The FPU64 module is extremely useful when 32-bit precision, such that, single-precision floating point is not sufficient for applications. In many real-time control applications, this is the case, so 64-bit precision (double-precision floating point) is needed. This normally comes at a price since native hardware on the device does not support double-precision floating point operations. Users see a significant increase in CPU cycles when running double-precision floating-point algorithms. By incorporating hardware support, this increase is avoided.

#GUID-BC8C6374-4B4C-4649-B574-974D746FBD8C/TABLE_AZY_HYC_SMB compares the performance of double-precision operations on FPU64 vs FPU (single-precision floating point hardware).

Table 3-3 Cycle Comparison Between FPU64 and FPU32

Floating-Point Operations	FPU64 (cycles) --fp_mode=relaxed	FPU (cycles) --fp_mode=strict	FPU (cycles) --fp_mode=relaxed FPU64 disabled	FPU (cycles) --fp_mode=strict FPU64 disabled
32-bit Division	8	234	8	234
64-bit Division	27	27	2222	2222

The results in the above table (profiled with optimization off, code running from RAM) illustrate that the performance of double-precision floating-point division on FPU64 is slightly more expensive than single-precision floating-point division on FPU32. In the single-precision case, when the floating point mode (fp_mode) is set to relaxed, the compiler generates hardware instructions to perform single-precision division, at the slight expense of accuracy. When the floating point mode is set to strict, the compiler does not generate hardware instructions and calls into the RTS library to maintain accuracy, but at the cost of cycles.

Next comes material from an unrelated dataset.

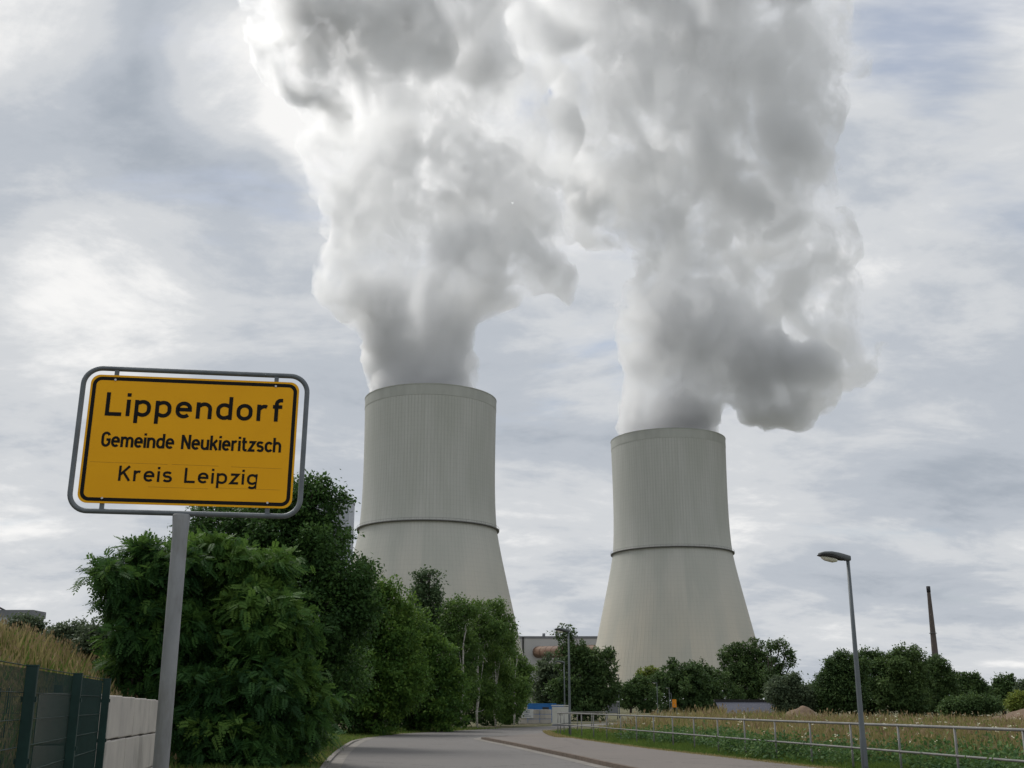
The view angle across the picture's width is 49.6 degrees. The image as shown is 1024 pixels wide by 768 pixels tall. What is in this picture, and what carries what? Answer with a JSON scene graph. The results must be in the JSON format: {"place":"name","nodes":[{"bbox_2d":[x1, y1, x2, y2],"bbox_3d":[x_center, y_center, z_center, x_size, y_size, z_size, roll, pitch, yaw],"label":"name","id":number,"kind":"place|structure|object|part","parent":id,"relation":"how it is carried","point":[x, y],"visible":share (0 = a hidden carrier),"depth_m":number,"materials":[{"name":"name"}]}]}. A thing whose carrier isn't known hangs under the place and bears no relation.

In the double-precision case, the floating point mode does not matter, because the FPU64 implementation is accurate. As long as the FPU64 is enabled, the compiler generates hardware instructions supported by the FPU64 to perform double-precision division. If FPU64 is disabled, only then the compiler does not generate FPU64 hardware instructions and calls into the RTS library. 64-bit floating-point division cannot take advantage of 32-bit floating-point hardware, even in relaxed mode, which is why the cycles remain 2222.

Devices with the FPU64 utilize the same registers as the FPU except for the addition of eight floating-point results extension registers for double-precision floating-point operations. The FPU64 enhancements support all existing FPU single-precision floating-point instructions in addition to the 64-bit double-precision floating-point instructions. FPU64 64-bit instructions operate in one to three pipeline cycles, with some instructions also supporting a parallel move operation.

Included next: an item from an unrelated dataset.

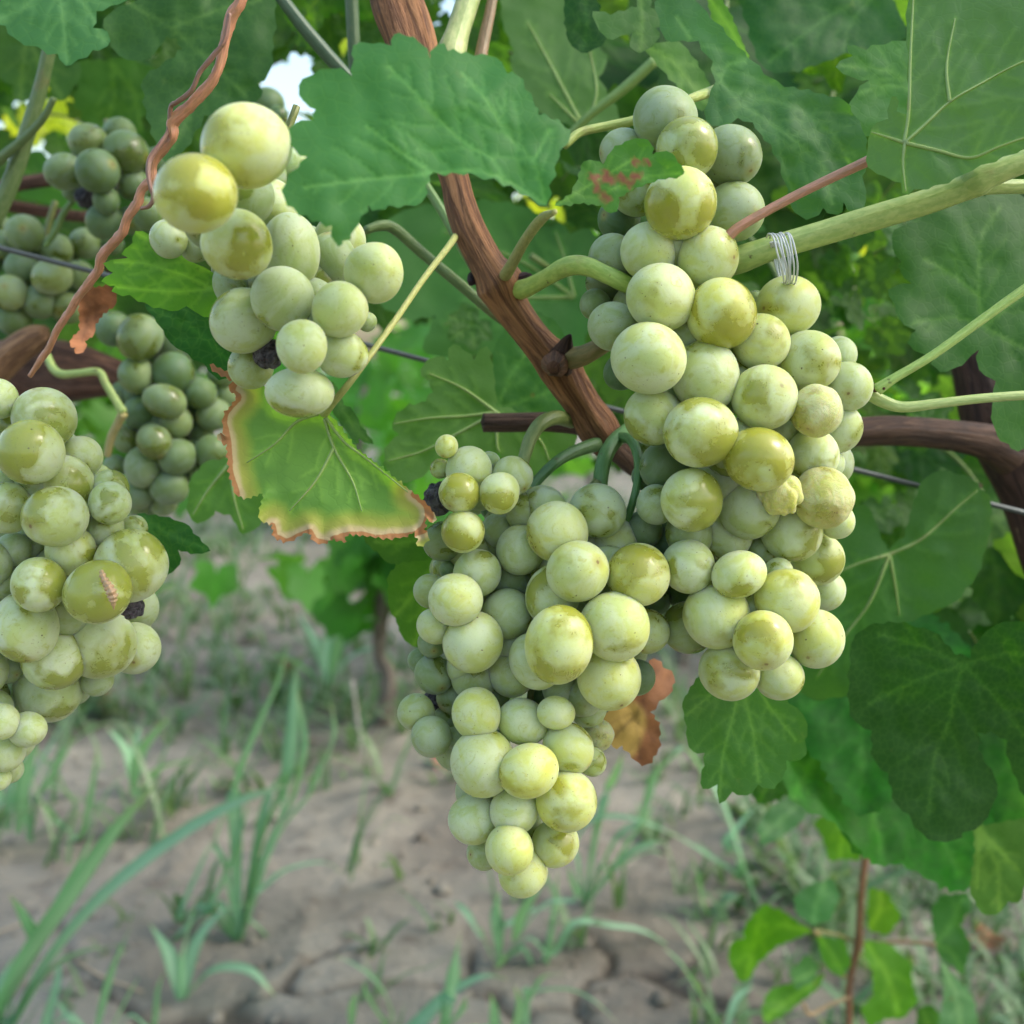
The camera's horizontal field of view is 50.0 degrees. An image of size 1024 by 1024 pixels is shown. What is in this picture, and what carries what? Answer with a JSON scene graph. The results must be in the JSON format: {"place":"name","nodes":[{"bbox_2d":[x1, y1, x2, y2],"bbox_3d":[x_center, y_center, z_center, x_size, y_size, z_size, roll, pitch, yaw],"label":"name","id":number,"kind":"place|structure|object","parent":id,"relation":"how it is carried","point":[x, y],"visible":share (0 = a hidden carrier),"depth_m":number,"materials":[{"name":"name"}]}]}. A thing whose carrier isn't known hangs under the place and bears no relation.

Using the FPU64 is straightforward. Users simply write C code with double-precision floating-point variables and operations, compile it with TI C28x C/C++ Compiler v18.9.0.STS (or later), and with compiler switches --float_support = fpu64. This will generate C28x native double-precision floating-point instructions. It may be helpful to refer to #GUID-BC8C6374-4B4C-4649-B574-974D746FBD8C/GUID-063F2853-70D6-424A-A77B-32A57EB47557 for those unfamiliar with the size of the standard C data types on a C28x CPU. Users who want to write hand-optimized assembly for FPU64 may do so easily as well. There is roughly a one-to-one correspondence between single-precision and double-precision floating point assembly instructions. For the complete instruction set and details, see the document referenced in the documentation section. Software examples are listed in a section below that point to DSP and Math double-precision floating-point hand-optimized assembly routines that users can use for application development.

Table 3-4 Data Type Size C28x vs Arm

Data Type	C28x Bit Length (EABI)	Arm Bit Length
char	16	8
short	16	16
int	16	32
long	32	32
long long	64	64
float	32	32
double	64⁽¹⁾	64
long double	64	64
pointer	32	32

(1) C28x COFF treats double as 32-bits

With the advent of auto code generation tools like MATLAB’s Embedded Coder, many customers are migrating to them for auto code generation. Since MATLAB uses double-precision floating-point by default, it becomes easier to port code from a simulation environment to an embedded environment without having to revalidate operating performance of the system due to a reduction in precision. This is another key benefit of using the FPU64.